Qwen 1.5 Series Models

Release Date: February 4, 2024

Model Variants:

Qwen1.5-0.5B
Qwen1.5-1.8B
Qwen1.5-4B
Qwen1.5-7B
Qwen1.5-14B
Qwen1.5-32B
Qwen1.5-72B
Qwen1.5-110B
Qwen1.5-MoE

Detailed Information:
The Qwen 1.5 series models were released during the Lunar New Year, aiming to provide enhanced model performance and improve developer experience. This series includes multiple Base and Chat models of various scales, along with an MoE model. All models support a context length of 32K tokens. Furthermore, the Qwen 1.5 series models demonstrate excellent multilingual capabilities, supporting multiple languages including Arabic, Spanish, French, Japanese, Korean, and Thai.

Qwen 2 Series Models

Release Date: June 7, 2024

Model Variants:

Qwen2-0.5B
Qwen2-1.5B
Qwen2-7B
Qwen2-57B-A14B
Qwen2-72B
Qwen2-VL (capable of understanding long videos for video-based Q&A, dialogue, and content creation)
Qwen2-Audio (accepts audio and text inputs, generating text outputs with features like voice chat without requiring ASR modules)

Detailed Information:
The Qwen 2 series represents a major upgrade from Qwen 1.5, adding support for 27 languages and achieving leading performance across multiple evaluation benchmarks. The series shows significant improvements in code and mathematical capabilities, with context lengths up to 128K tokens (Qwen2-72B-Instruct). Additionally, Qwen 2 series models demonstrate safety performance comparable to GPT-4, significantly outperforming other models.

Qwen 2.5 Series Models

Release Date: September 19, 2024

Model Variants:

Qwen2.5-0.5B
Qwen2.5-1.5B
Qwen2.5-3B
Qwen2.5-7B
Qwen2.5-14B
Qwen2.5-32B
Qwen2.5-72B
Qwen2.5-Coder (1.5B, 7B, 32B)
Qwen2.5-Math (1.5B, 7B, 72B)

Detailed Information:
The Qwen 2.5 series surpasses Llama in performance, particularly in programming (HumanEval 85+) and mathematical abilities (MATH 80+). These models support context lengths up to 128K and can generate up to 8K content. Notably, Qwen2.5-72B outperforms the 405B-parameter Llama3.1-405B in multiple core tasks. The series includes specialized subseries for programming and mathematical tasks: Qwen2.5-Coder and Qwen2.5-Math.
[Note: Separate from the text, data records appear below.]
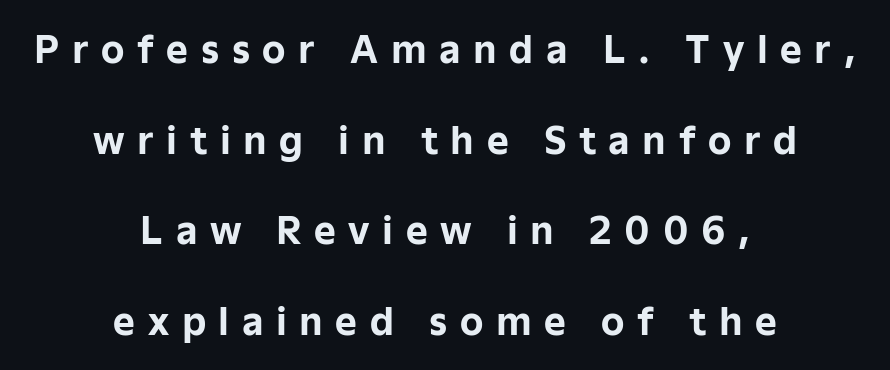
The image shows 37 px bold sans-serif type, upright; set centered, loose line spacing (2.45x), unusually wide letter spacing (+0.34 em), not underlined; low stroke contrast and a medium x-height.
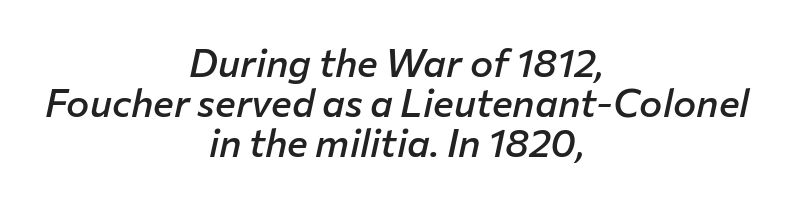
Proportional: the letters do not fall into vertical columns. Summary of weight: moderately heavy, a semibold. Type without underlining. The gaps between neighbouring characters are ordinary and unremarkable.
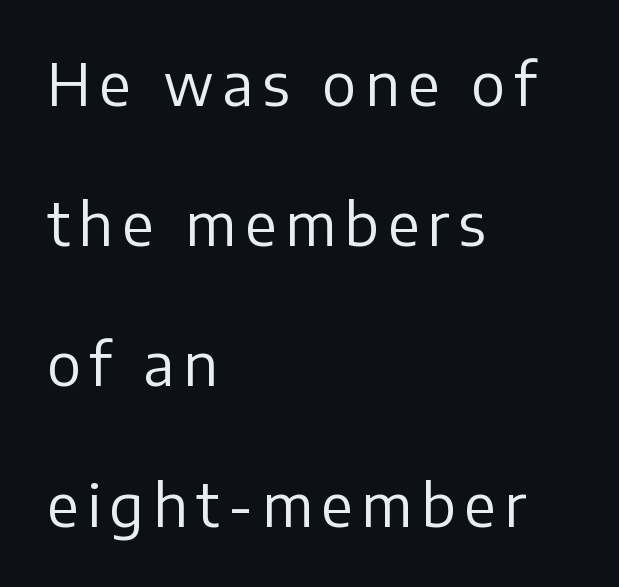
Q: Is the text bold? A: No.
Q: Is the text italic (slanted)? A: No, it is upright.
Q: Is the typeface a serif or a sans-serif typeface? A: Sans-serif.
Q: Is the text underlined? A: No.
Q: How is the paragraph aligned? A: Left-aligned.
Q: Is the spacing between lines tight, normal or loose? A: Loose.
Q: Width (condensed, normal, or wide)? A: Normal.
Q: Stroke contrast? A: Low.
Q: x-height? A: Medium.
Q: Monospaced? A: No.
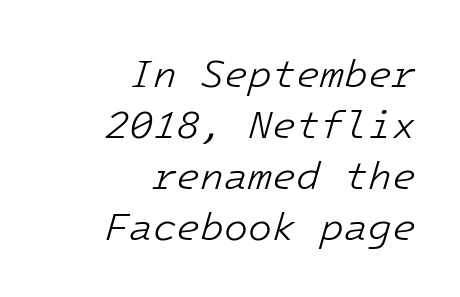
{"italic": "yes", "lean": "right", "slant_degrees": 16, "bold": "no", "weight": "light", "width": "normal", "stroke_contrast": "low", "x_height": "medium", "monospaced": "yes", "underline": "no", "align": "right", "line_spacing": "normal", "line_spacing_ratio": 1.31, "letter_spacing": "normal", "letter_spacing_em": 0.0, "glyph_px": 39}
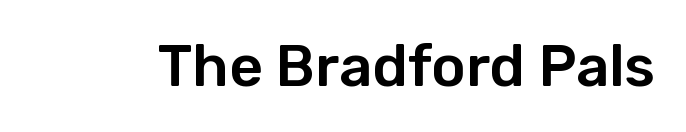
{"serif": "no", "italic": "no", "width": "normal", "stroke_contrast": "low", "x_height": "medium", "monospaced": "no", "underline": "no", "letter_spacing": "normal", "letter_spacing_em": 0.0, "glyph_px": 58}
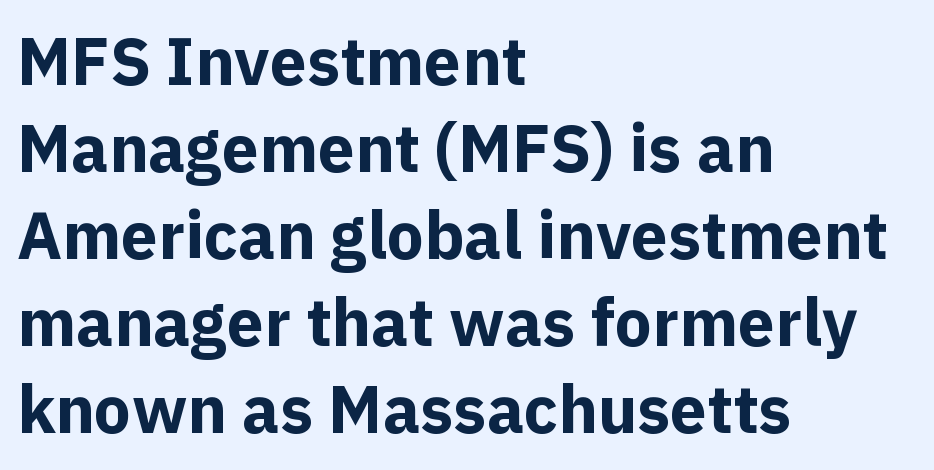
The image shows 66 px bold sans-serif type, upright; set left-aligned, normal line spacing (1.32x), normal letter spacing, not underlined; a medium x-height.
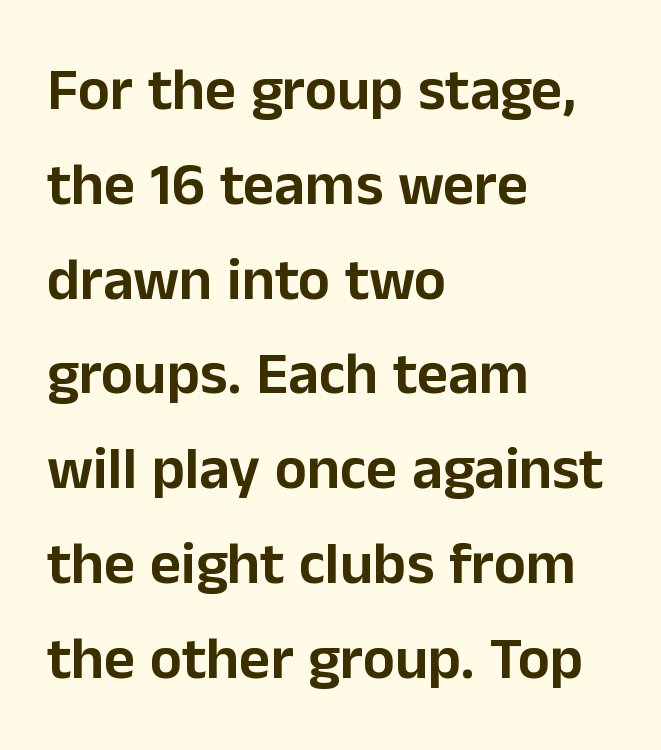
The image shows 60 px sans-serif type, upright; set left-aligned, normal line spacing (1.58x), normal letter spacing, not underlined; low stroke contrast and a medium x-height.

Extended Open Source Models

Qwen2-VL-72B Vision-Language Model:

Release Date: August 29, 2024
Model Variant: Qwen2-VL-72B
Detailed Information: Qwen2-VL-72B is a vision-language model capable of recognizing images of various resolutions and aspect ratios, understanding long videos over 20 minutes, and possessing visual agent capabilities for operating phones and robots. It became the highest-scoring open-source model on the LMSYSChatbotArenaLeaderboard globally.

QVQ-72B-Preview Multimodal Reasoning Model:

Release Date: December 25, 2024
Model Variant: QVQ-72B-Preview
Detailed Information: QVQ-72B-Preview is an open-source multimodal reasoning model that achieved significant breakthroughs in AI visual understanding and complex problem-solving. It scored an impressive 70.3 on the MMMU evaluation and showed significant improvements in mathematics-related benchmarks compared to Qwen2-VL-72B-Instruct.

Qwen2-Audio:

Release Date: August 9, 2024
Model Variants: Qwen2-Audio-7B and Qwen2-Audio-7B-Instruct
Detailed Information: This model accepts audio and text inputs, generating text outputs. Key features include:
1. Voice chat capabilities without requiring ASR modules
2. Audio analysis of speech, sound, and music based on text instructions
3. Support for over 8 languages and dialects, including Chinese, English, Cantonese, French, Italian, Spanish, German, and Japanese

Llama

Llama 3 8B/70B

Release Date: April 18, 2024

Model Variants: Llama 3 8B and Llama 3 70B

Detailed Information:
The Llama 3 series includes pre-trained and instruction-tuned text generation models with 8B and 70B parameters. These models significantly surpass Llama 2 technically, redefining performance standards for large language models.

Llama 3.1 8B/70B/405B

Release Date: July 23, 2024

Model Variants: Llama 3.1 8B, Llama 3.1 70B, and Llama 3.1 405B

Detailed Information:
The Llama 3.1 series includes models with 8B, 70B, and 405B parameters, with maximum context window increased to 128K. Llama 3.1 405B is the largest open-source large language model to date, excelling in multilingual support, reasoning capabilities, and complex mathematical problem-solving.

Llama 3.2 1B/3B/11B/90B

Release Date: September 26, 2024

Model Variants: Llama 3.2 1B, Llama 3.2 3B, Llama 3.2 11B, and Llama 3.2 90B

Detailed Information:
Llama 3.2 released small and medium-sized visual LLMs (11B and 90B), along with lightweight text-only models (1B and 3B) suitable for edge and mobile devices, including both pre-trained and instruction-tuned versions. These models support 128K context length and are optimized for Arm processors, suitable for local summarization, instruction following, and rewriting tasks.

Llama 3.3 70B

Release Date: December 7, 2024

Model Variant: Llama 3.3 70B

Detailed Information:
Llama 3.3 is the latest version in the Llama series, further improving model efficiency and performance. Llama 3.3 has made significant progress in multilingual capabilities, code generation, and complex mathematical problem-solving, reaching a parameter scale of 405B, approaching or surpassing the performance of other leading models in the market.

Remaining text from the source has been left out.